Your instructions => Provide again, from the entries below, every line from the one containing "Der Bundesrat hat" through the one containing "އުފާވެރިކަމެވެ. ކޮބާ އާހިލްއަށް", exactly as written, and no other line.

Data extracted from a collection:
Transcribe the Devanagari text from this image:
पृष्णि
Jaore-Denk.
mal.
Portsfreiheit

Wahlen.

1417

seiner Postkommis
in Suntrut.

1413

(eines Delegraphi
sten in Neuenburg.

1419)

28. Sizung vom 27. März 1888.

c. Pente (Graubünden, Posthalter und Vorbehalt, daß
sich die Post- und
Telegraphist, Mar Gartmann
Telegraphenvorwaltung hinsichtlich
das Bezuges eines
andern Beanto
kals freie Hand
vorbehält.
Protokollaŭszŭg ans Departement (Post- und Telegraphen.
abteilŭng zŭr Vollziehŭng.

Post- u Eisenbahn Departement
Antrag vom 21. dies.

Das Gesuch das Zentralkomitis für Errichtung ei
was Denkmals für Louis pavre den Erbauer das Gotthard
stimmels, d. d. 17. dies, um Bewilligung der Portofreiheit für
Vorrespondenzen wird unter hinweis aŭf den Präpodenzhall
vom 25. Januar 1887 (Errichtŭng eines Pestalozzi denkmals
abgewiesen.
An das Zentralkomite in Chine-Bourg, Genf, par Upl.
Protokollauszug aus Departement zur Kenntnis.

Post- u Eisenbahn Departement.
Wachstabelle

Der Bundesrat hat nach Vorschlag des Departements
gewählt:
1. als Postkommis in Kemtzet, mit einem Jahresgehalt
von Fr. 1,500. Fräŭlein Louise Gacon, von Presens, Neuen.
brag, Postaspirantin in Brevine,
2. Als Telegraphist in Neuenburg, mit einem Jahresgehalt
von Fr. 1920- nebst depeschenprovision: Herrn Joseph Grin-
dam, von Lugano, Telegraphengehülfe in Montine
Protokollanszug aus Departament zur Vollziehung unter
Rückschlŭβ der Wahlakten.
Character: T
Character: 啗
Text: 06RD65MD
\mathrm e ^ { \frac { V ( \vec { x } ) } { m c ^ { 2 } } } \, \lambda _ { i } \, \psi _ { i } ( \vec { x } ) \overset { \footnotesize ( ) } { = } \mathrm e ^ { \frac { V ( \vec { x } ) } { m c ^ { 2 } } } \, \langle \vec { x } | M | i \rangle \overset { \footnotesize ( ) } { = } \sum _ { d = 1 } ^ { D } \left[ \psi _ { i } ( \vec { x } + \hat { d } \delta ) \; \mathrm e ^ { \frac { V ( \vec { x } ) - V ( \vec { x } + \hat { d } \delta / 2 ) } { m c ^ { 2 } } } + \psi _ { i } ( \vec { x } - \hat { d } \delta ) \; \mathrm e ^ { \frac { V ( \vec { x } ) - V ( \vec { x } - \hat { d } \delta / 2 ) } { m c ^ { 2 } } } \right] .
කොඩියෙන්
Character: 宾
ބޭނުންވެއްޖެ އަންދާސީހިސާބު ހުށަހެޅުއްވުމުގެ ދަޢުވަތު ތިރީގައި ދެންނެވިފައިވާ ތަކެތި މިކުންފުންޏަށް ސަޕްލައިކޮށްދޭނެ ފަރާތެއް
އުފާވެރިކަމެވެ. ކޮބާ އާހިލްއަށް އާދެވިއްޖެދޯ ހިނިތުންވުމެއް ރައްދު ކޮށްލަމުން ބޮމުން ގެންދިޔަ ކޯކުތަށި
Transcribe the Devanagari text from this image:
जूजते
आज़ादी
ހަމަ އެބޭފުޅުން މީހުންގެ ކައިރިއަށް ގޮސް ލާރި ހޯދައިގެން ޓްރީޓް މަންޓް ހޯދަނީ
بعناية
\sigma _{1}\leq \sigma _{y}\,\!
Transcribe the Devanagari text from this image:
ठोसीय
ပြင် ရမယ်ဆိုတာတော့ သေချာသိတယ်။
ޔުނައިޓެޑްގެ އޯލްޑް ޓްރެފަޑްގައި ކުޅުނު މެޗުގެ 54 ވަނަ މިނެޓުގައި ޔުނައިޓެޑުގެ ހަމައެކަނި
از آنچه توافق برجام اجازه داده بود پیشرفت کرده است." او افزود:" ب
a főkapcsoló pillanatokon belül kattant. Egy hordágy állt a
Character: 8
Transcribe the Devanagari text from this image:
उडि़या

Response area =>
Der Bundesrat hat nach Vorschlag des Departements
gewählt:
1. als Postkommis in Kemtzet, mit einem Jahresgehalt
von Fr. 1,500. Fräŭlein Louise Gacon, von Presens, Neuen.
brag, Postaspirantin in Brevine,
2. Als Telegraphist in Neuenburg, mit einem Jahresgehalt
von Fr. 1920- nebst depeschenprovision: Herrn Joseph Grin-
dam, von Lugano, Telegraphengehülfe in Montine
Protokollanszug aus Departament zur Vollziehung unter
Rückschlŭβ der Wahlakten.
Character: T
Character: 啗
Text: 06RD65MD
\mathrm e ^ { \frac { V ( \vec { x } ) } { m c ^ { 2 } } } \, \lambda _ { i } \, \psi _ { i } ( \vec { x } ) \overset { \footnotesize ( ) } { = } \mathrm e ^ { \frac { V ( \vec { x } ) } { m c ^ { 2 } } } \, \langle \vec { x } | M | i \rangle \overset { \footnotesize ( ) } { = } \sum _ { d = 1 } ^ { D } \left[ \psi _ { i } ( \vec { x } + \hat { d } \delta ) \; \mathrm e ^ { \frac { V ( \vec { x } ) - V ( \vec { x } + \hat { d } \delta / 2 ) } { m c ^ { 2 } } } + \psi _ { i } ( \vec { x } - \hat { d } \delta ) \; \mathrm e ^ { \frac { V ( \vec { x } ) - V ( \vec { x } - \hat { d } \delta / 2 ) } { m c ^ { 2 } } } \right] .
කොඩියෙන්
Character: 宾
ބޭނުންވެއްޖެ އަންދާސީހިސާބު ހުށަހެޅުއްވުމުގެ ދަޢުވަތު ތިރީގައި ދެންނެވިފައިވާ ތަކެތި މިކުންފުންޏަށް ސަޕްލައިކޮށްދޭނެ ފަރާތެއް
އުފާވެރިކަމެވެ. ކޮބާ އާހިލްއަށް އާދެވިއްޖެދޯ ހިނިތުންވުމެއް ރައްދު ކޮށްލަމުން ބޮމުން ގެންދިޔަ ކޯކުތަށި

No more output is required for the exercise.